The Practical Guide to Humanitarian Law

« Calling things by the wrong name adds to the affliction of the world. » Albert Camus.

Pillage

Pillage is the systematic and violent appropriation by members of the armed forces of movable public or private property that belongs either to persons protected by humanitarian conventions (civilians, wounded and sick, shipwrecked, and prisoners of war) or to the adverse State or party itself. Parties to the conflict are under obligation to take all necessary measures to protect the wounded, the dead, or any person exposed to grave danger from pillage and ill treatment (Art. 4 of the Convention for the Protection of Cultural Property in the Event of Armed Conflict, signed in The Hague on 14 May 1954, under the aegis of UNESCO; GCI Art. 15; GCII Art. 18; GCIII Arts. 16, 33; and APII Art. 4).

Pillage is a war crime, as established by the statutes and judgments of the Nuremberg and Tokyo military tribunals as well as by the Rome Statute of the ICC. Furthermore, it is a grave violation of the Geneva Conventions if it takes the form of “extensive destruction and appropriation of property, not justified by military necessity and carried out unlawfully and wantonly” (GCI Art. 50, GCII Art. 51, GCIII Art. 130, GCIV Art. 147, and APII Art. 4). It is forbidden in both international and internal conflicts by the Geneva Conventions and their Additional Protocols as well as by customary international humanitarian law (Rule 52 of the ICRC customary IHL study) and international criminal law (Rome Statute of the ICC, Art. 8.2.b.xvi IAC; Art. 8.2.e.v NIAC).

It is important to distinguish between pillage, which is always prohibited, and requisition, which is an authorized form of appropriating property. Other provisions of humanitarian law regulate the limited right to requisition during armed conflicts. ▸ Methods (and means) of warfareRequisition

As for immovable property, its appropriation, even through force or violence, does not change its physical location. Such appropriation is therefore not considered pillage but rather stealing and may be prosecuted as such. The destruction of such immovable property is specifically forbidden by the Geneva Conventions if it belongs to the categories of persons it protects. These are civilian objects and property (including enemy civilian property), cultural property, and objects indispensable to the survival of the civilian population (API Arts. 52–54; APII Arts. 13, 14).

Protected objects and propertyRequisitionWar crimes/Crimes against humanity

In the Tuta and Stela Case ( Prosecutor v. Mladen Naletilic, aka “Tuta” and Vinko Martinovic, aka “Stela,” 31 March 2003), the Trial Chamber of the ICTY considered that pillage was “willful and unlawful appropriation of property,” and that it may affect both private and public property (para. 612).

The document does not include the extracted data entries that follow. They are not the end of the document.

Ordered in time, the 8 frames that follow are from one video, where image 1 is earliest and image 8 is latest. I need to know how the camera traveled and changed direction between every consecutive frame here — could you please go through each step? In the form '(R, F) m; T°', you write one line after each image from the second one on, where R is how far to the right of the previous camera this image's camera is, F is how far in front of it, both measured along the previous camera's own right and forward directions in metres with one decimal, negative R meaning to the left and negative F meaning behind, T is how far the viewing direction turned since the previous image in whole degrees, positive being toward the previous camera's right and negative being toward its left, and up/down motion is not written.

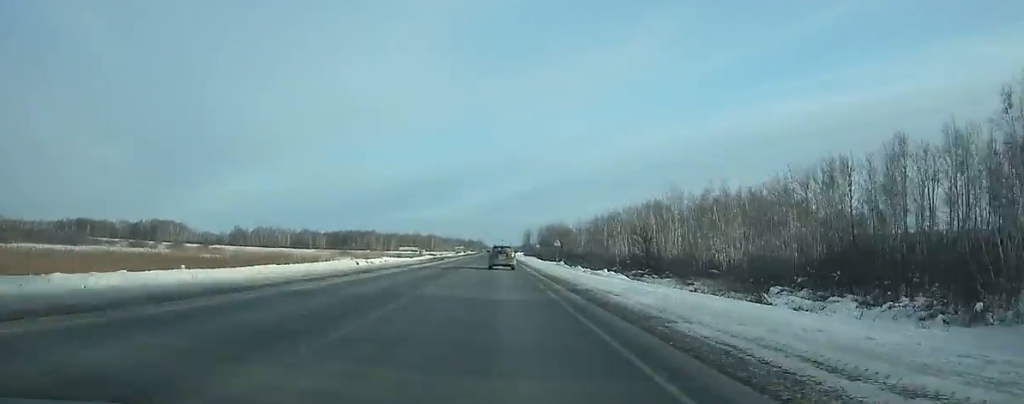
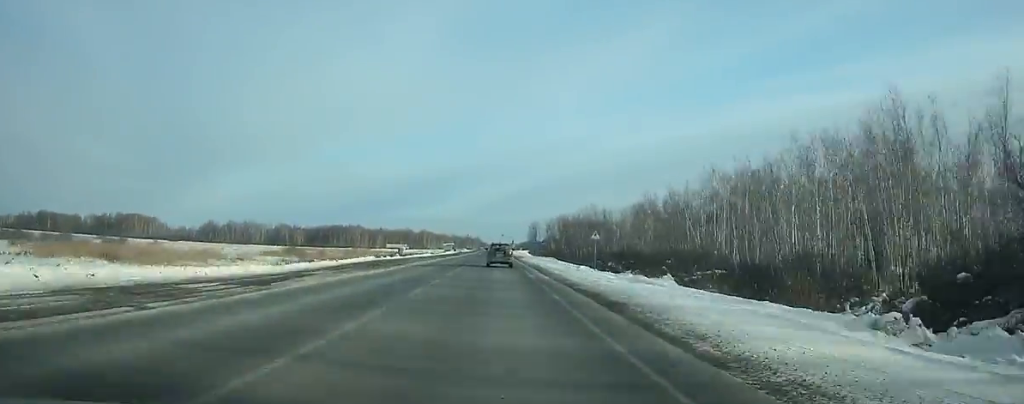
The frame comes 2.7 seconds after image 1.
(+0.2, +62.4) m; 0°
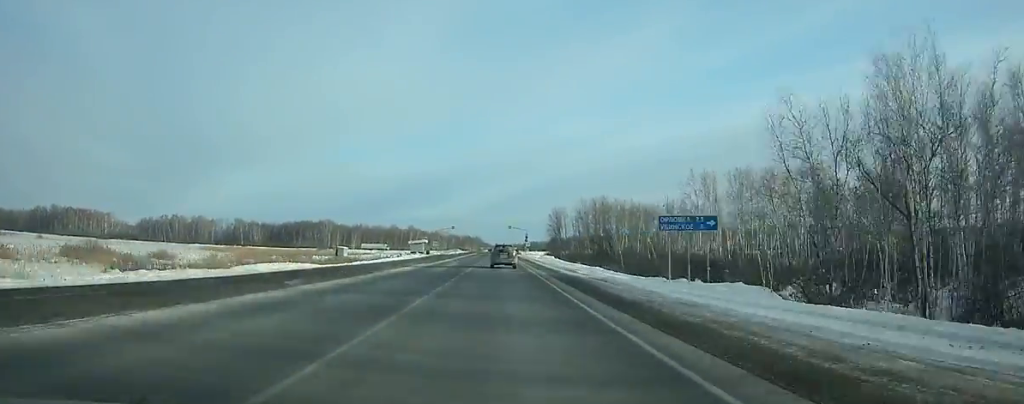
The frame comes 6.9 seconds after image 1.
(-0.3, +96.7) m; 0°
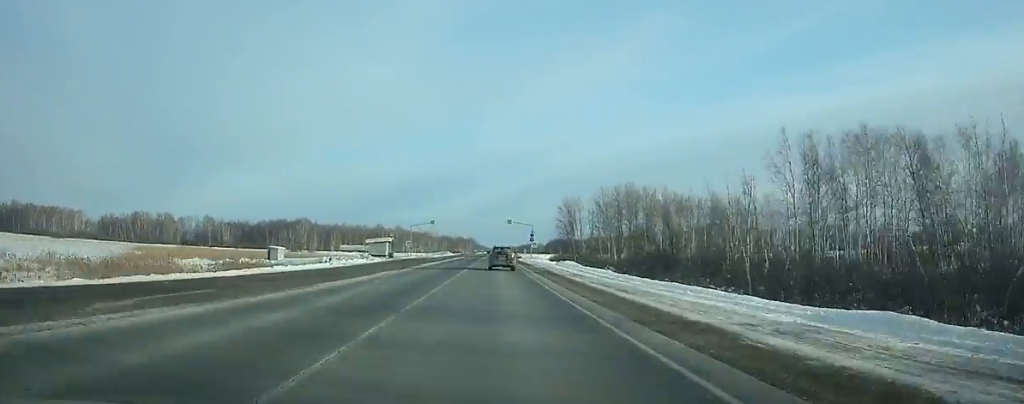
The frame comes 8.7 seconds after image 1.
(0.0, +41.3) m; 0°
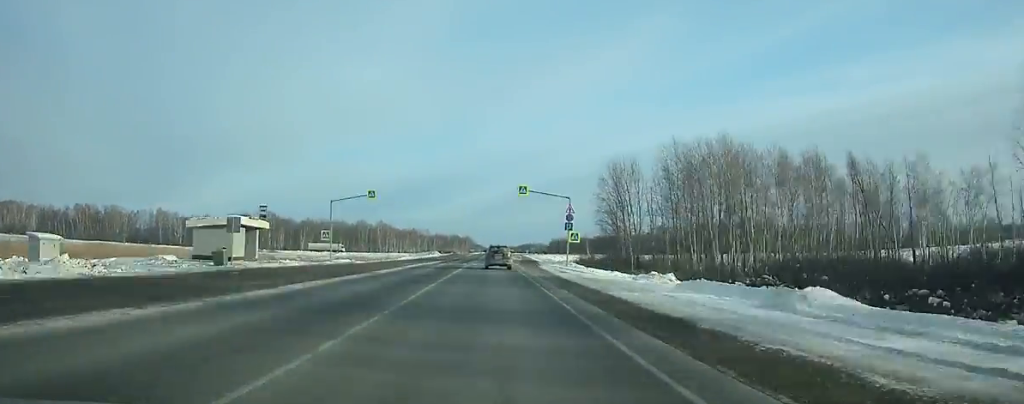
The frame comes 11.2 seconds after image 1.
(+0.1, +57.5) m; 0°
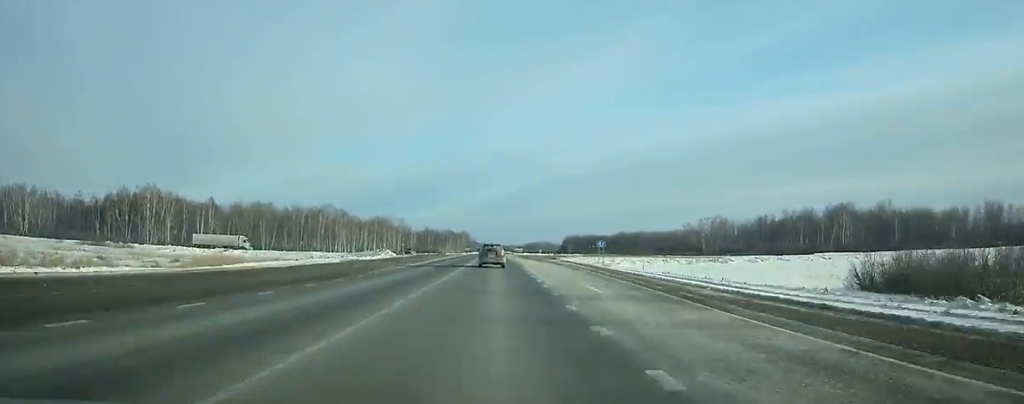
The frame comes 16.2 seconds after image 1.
(0.0, +114.7) m; 0°
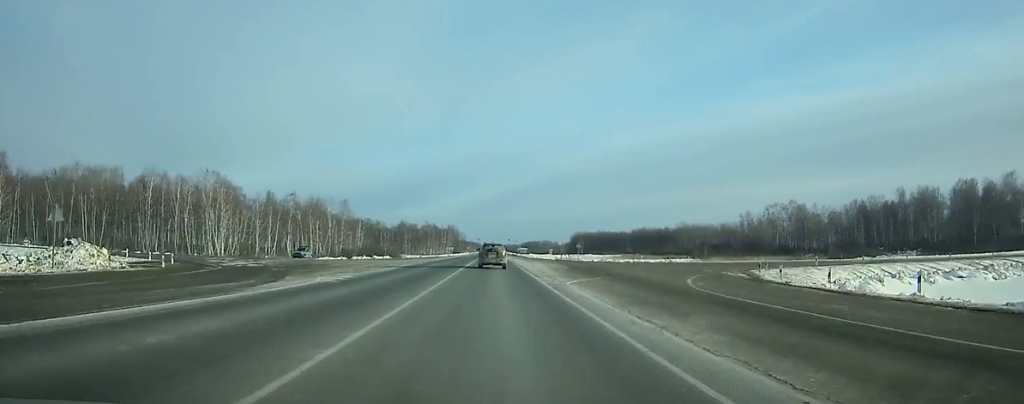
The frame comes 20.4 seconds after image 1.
(+0.1, +95.4) m; 0°
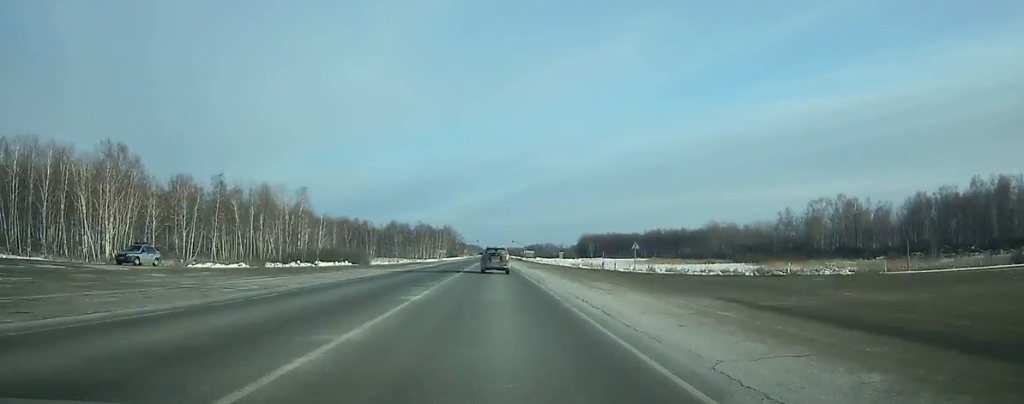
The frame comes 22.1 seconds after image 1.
(+0.1, +38.3) m; 0°

It further explains that the term pillage is general in scope, comprising not only large-scale seizures of property within the framework of systematic economic exploitations of occupied territory but also acts of appropriation committed by individual soldiers for their private gain. Under international law, plunder does not require the appropriation to be extensive or to involve a large economic value, yet it must involve grave consequences for the victims, thus amounting to a serious violation of humanitarian law (paras. 612–614).

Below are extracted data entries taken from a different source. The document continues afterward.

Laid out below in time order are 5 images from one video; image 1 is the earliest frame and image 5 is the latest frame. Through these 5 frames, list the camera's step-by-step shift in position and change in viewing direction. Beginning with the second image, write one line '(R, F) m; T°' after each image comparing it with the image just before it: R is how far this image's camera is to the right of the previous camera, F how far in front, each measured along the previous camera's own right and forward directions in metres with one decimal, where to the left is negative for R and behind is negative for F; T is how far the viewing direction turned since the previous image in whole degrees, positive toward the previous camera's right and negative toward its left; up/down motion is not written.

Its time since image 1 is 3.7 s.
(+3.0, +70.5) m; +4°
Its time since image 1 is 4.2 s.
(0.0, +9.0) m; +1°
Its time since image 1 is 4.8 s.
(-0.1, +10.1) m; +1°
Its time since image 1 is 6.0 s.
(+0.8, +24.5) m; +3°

In the Blaskic Case ( Prosecutor v. Tihomir Blaskic , 3 March 2000), the ICTY Trial Chamber furthermore explained that plunder should be understood to embrace all forms of unlawful appropriation of property in armed conflict for which individual criminal responsibility attaches under international law, including those acts traditionally described as “pillage” (para. 184).

In the Brcko Case ( Prosecutor v. Goran Jelisic , 14 December 1999), the ICTY Trial Chamber explained that pillage has to be perpetrated during an armed conflict and related thereto in order to be a war crime (para. 48).

For Additional Information: Dinstein, Yoram. The Conduct of Hostilities under the Law of International Armed Conflict . Cambridge: Cambridge University Press, 2004, 213–20.